-- To do --
Could you retype every line below exactly, omitting the images?

-- Records shown --
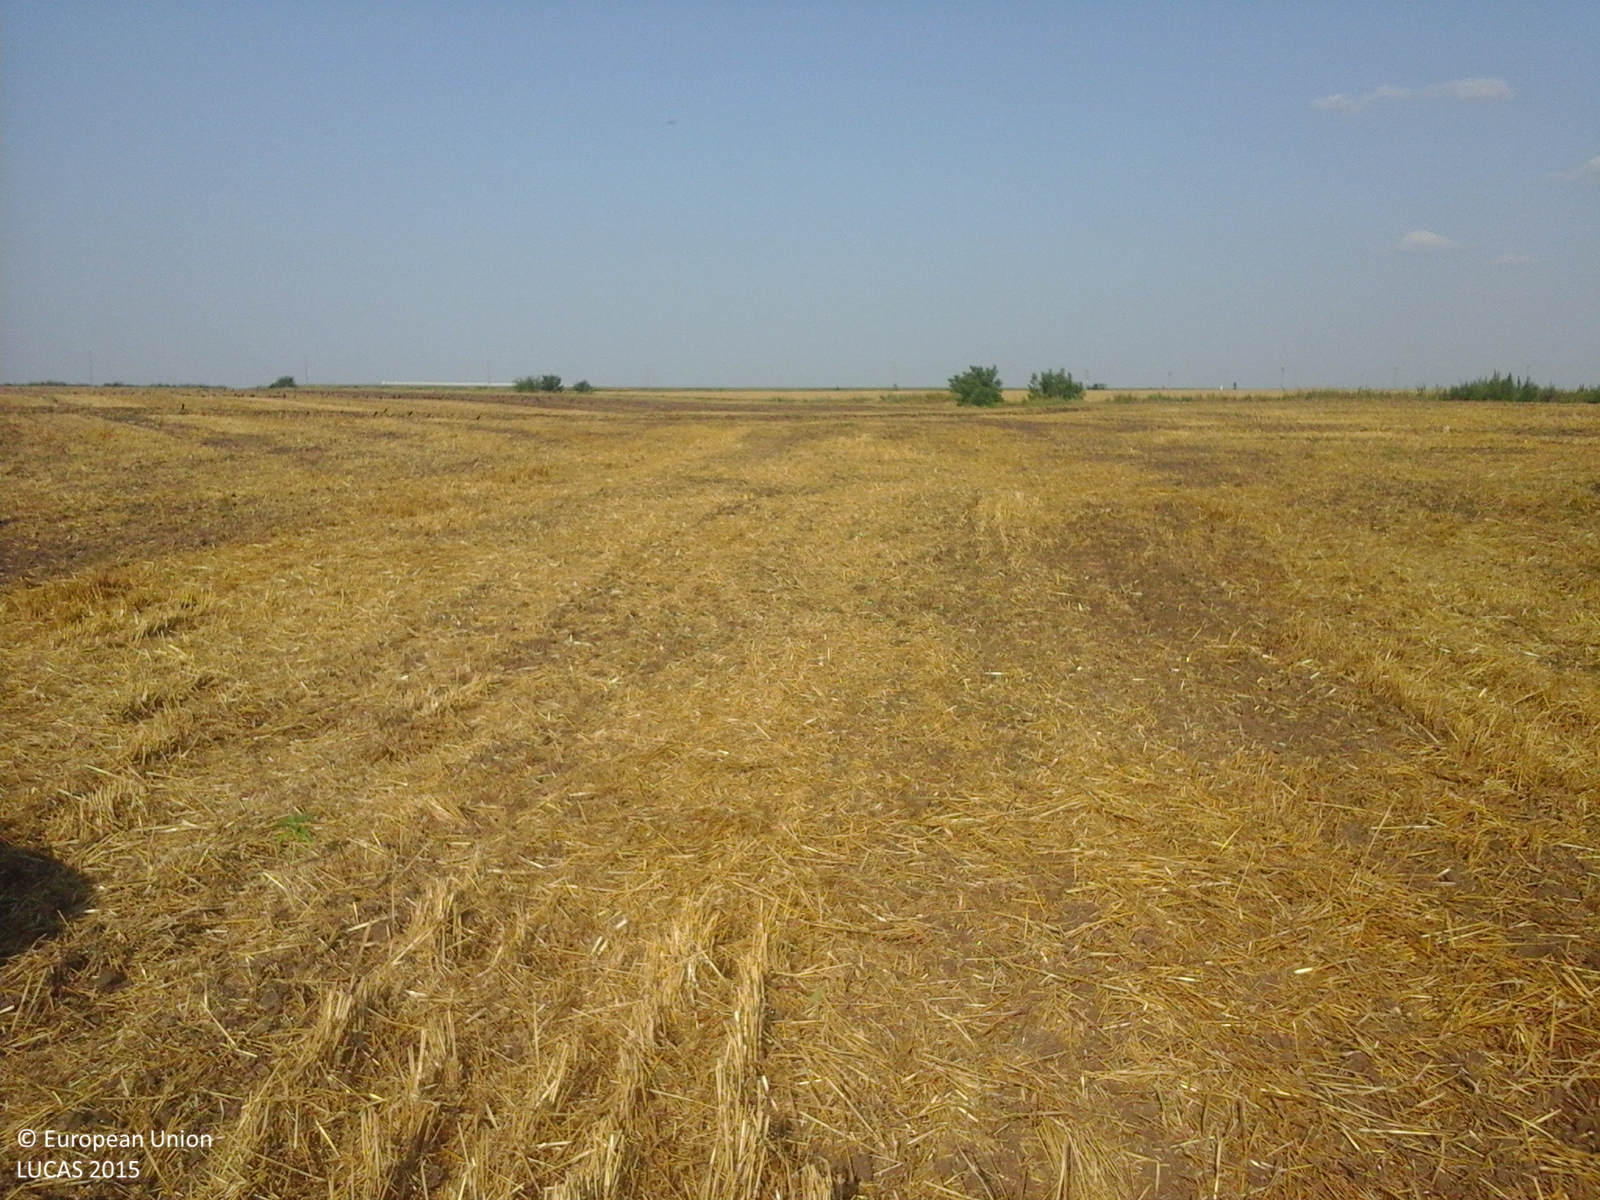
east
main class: Cropland
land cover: Common wheat
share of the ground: > 75 %
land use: Agriculture (excluding fallow land and kitchen gardens)
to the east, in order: Common wheat; Grass margins; Ditches and canals; Grass margins; Common wheat
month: July
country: RO
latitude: 44.9135
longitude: 26.6021
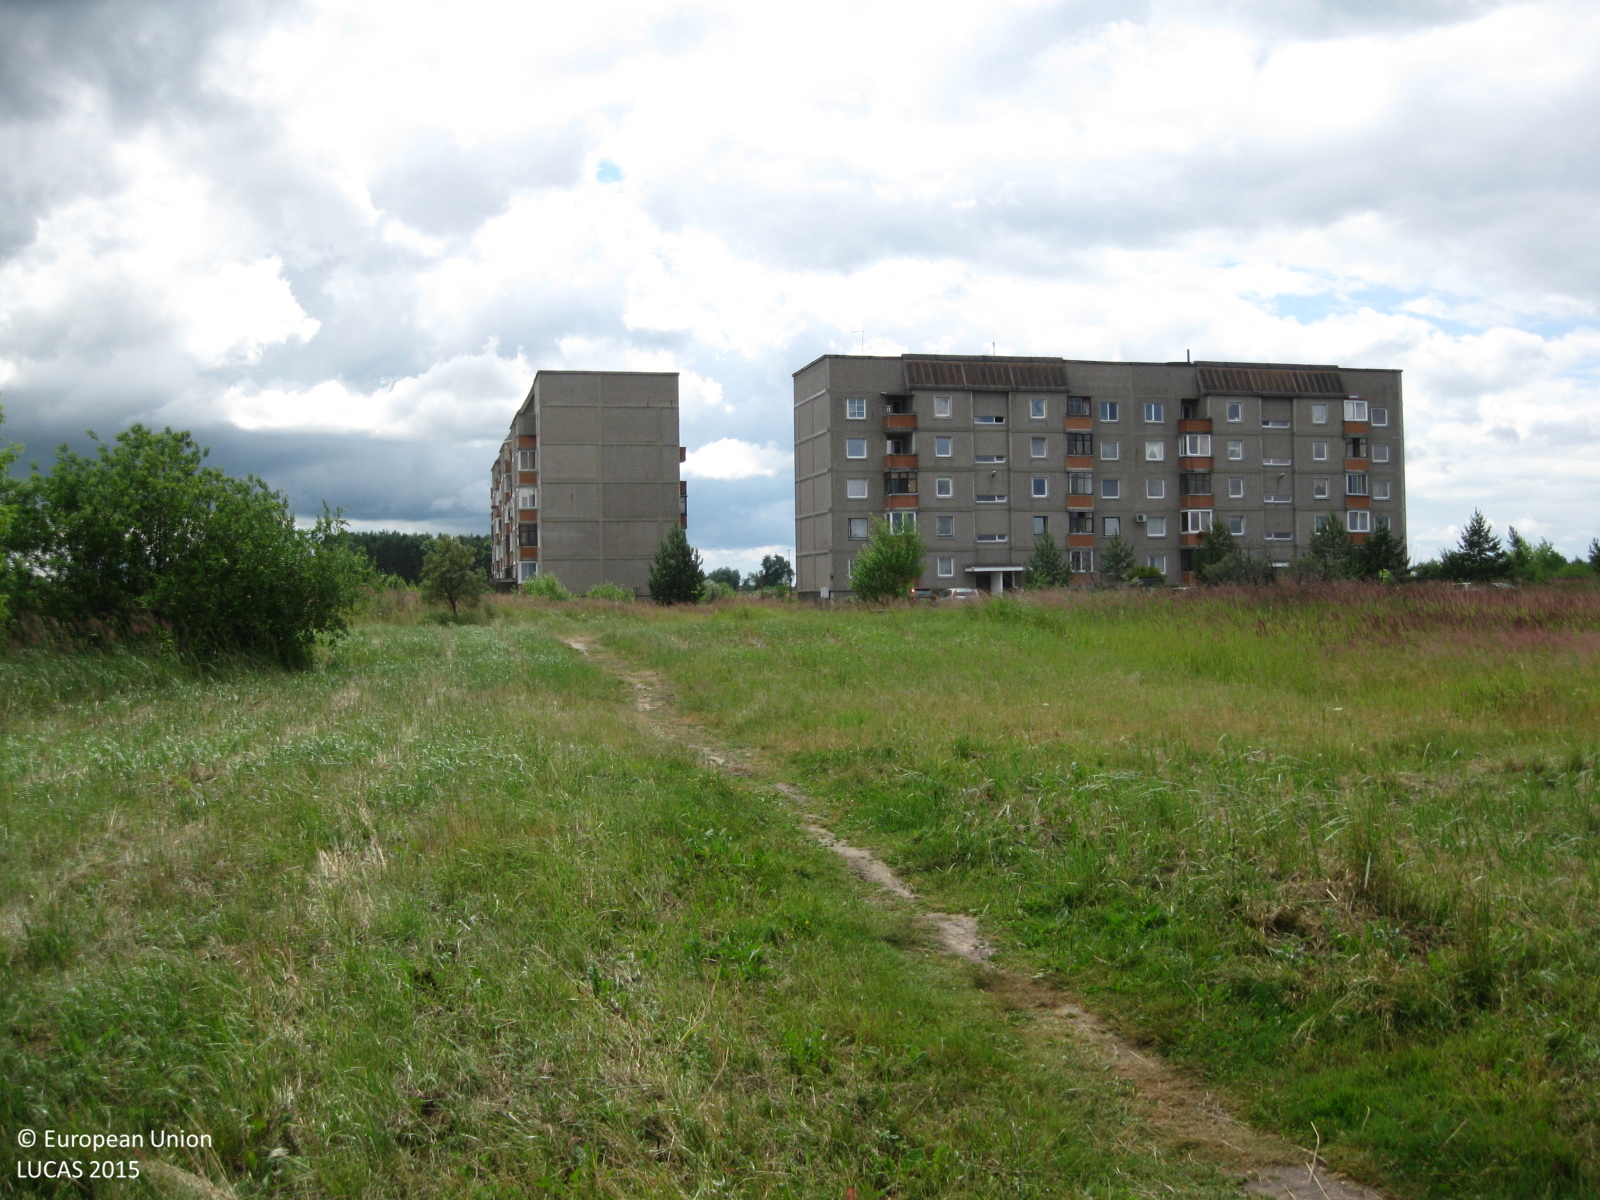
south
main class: Grassland
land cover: Grassland with sparse tree/shrub cover
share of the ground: > 75 %
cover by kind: herbaceous plants 90 %, broadleaved forest trees 5 %, shrubs 5 %
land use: Amenities, museums, leisure
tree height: > 5 m
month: July
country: LT
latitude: 55.7270
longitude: 24.3139
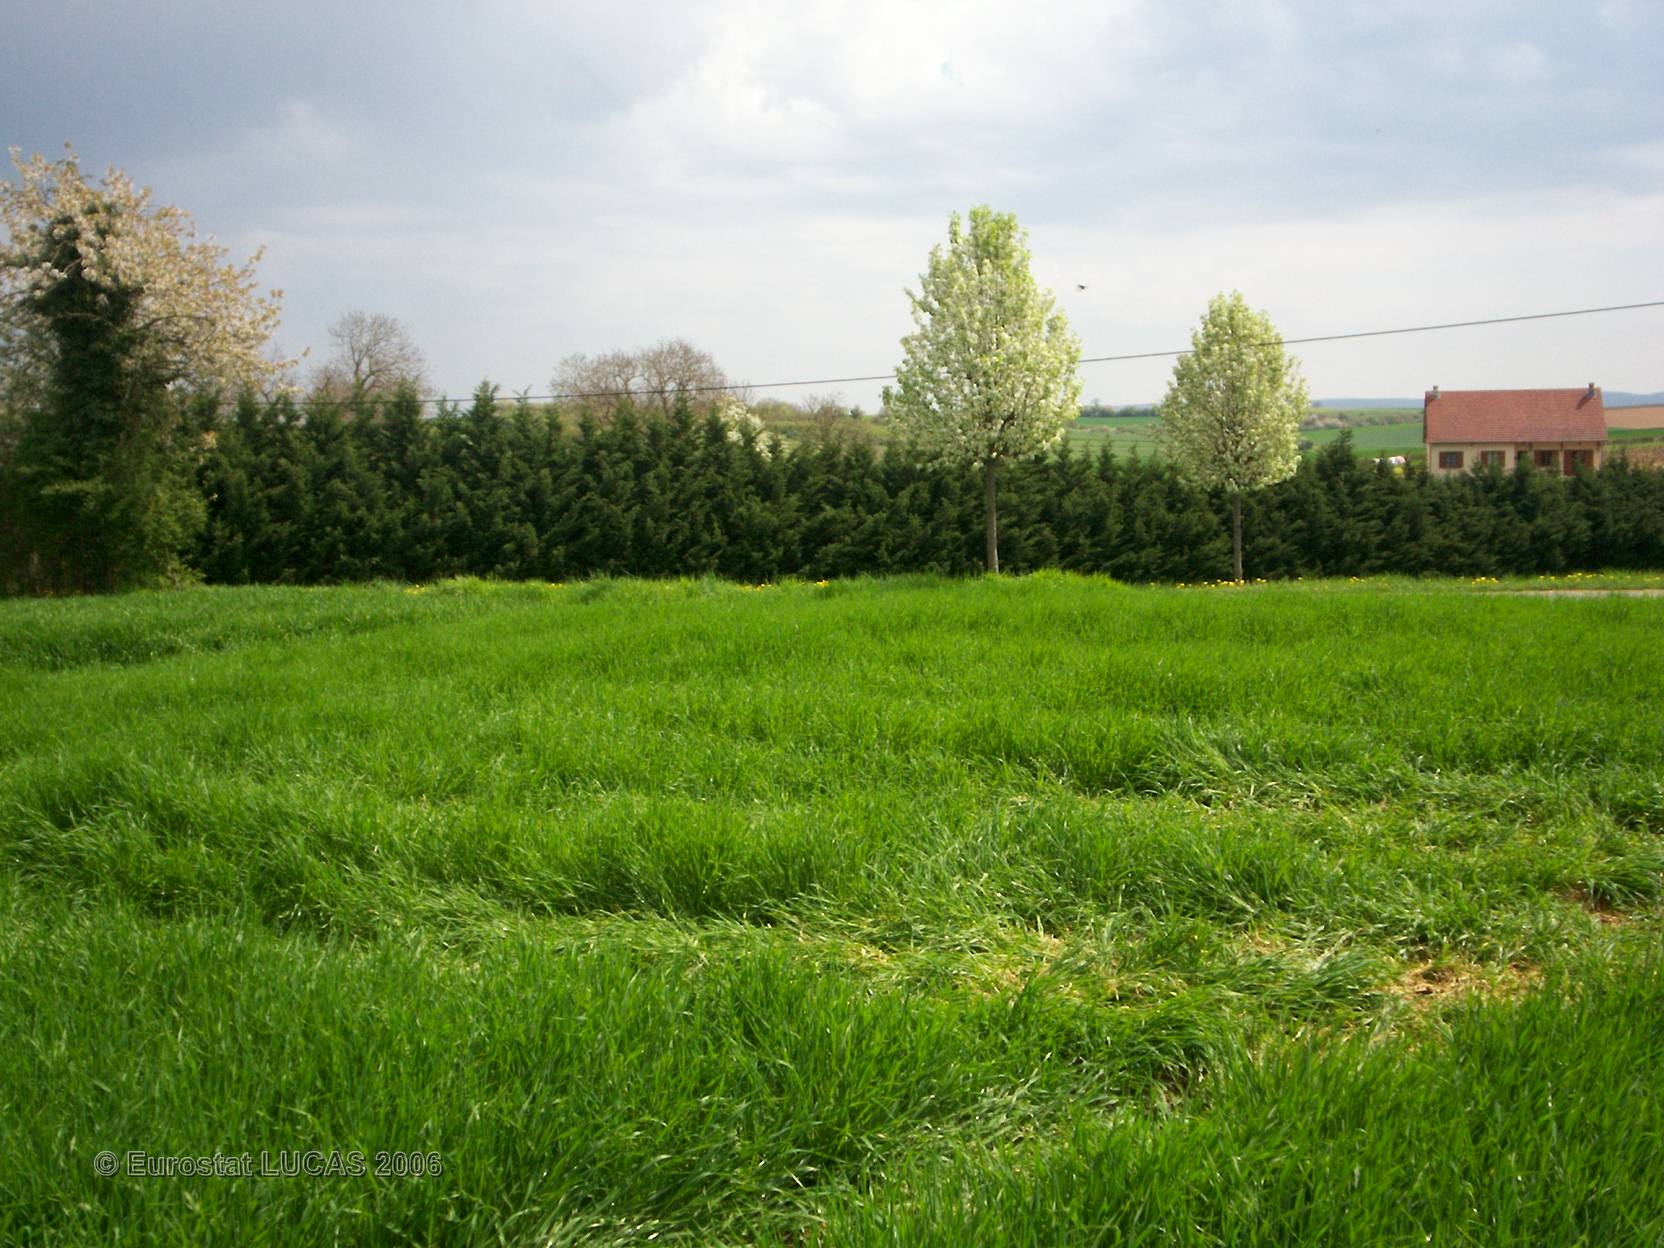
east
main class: Cropland
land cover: Barley
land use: Agriculture (excluding fallow land and kitchen gardens)
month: April
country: FR
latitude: 47.3339
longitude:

-- Result of this task --
east
main class: Cropland
land cover: Common wheat
share of the ground: > 75 %
land use: Agriculture (excluding fallow land and kitchen gardens)
to the east, in order: Common wheat; Grass margins; Ditches and canals; Grass margins; Common wheat
month: July
country: RO
latitude: 44.9135
longitude: 26.6021
south
main class: Grassland
land cover: Grassland with sparse tree/shrub cover
share of the ground: > 75 %
cover by kind: herbaceous plants 90 %, broadleaved forest trees 5 %, shrubs 5 %
land use: Amenities, museums, leisure
tree height: > 5 m
month: July
country: LT
latitude: 55.7270
longitude: 24.3139
east
main class: Cropland
land cover: Barley
land use: Agriculture (excluding fallow land and kitchen gardens)
month: April
country: FR
latitude: 47.3339
longitude:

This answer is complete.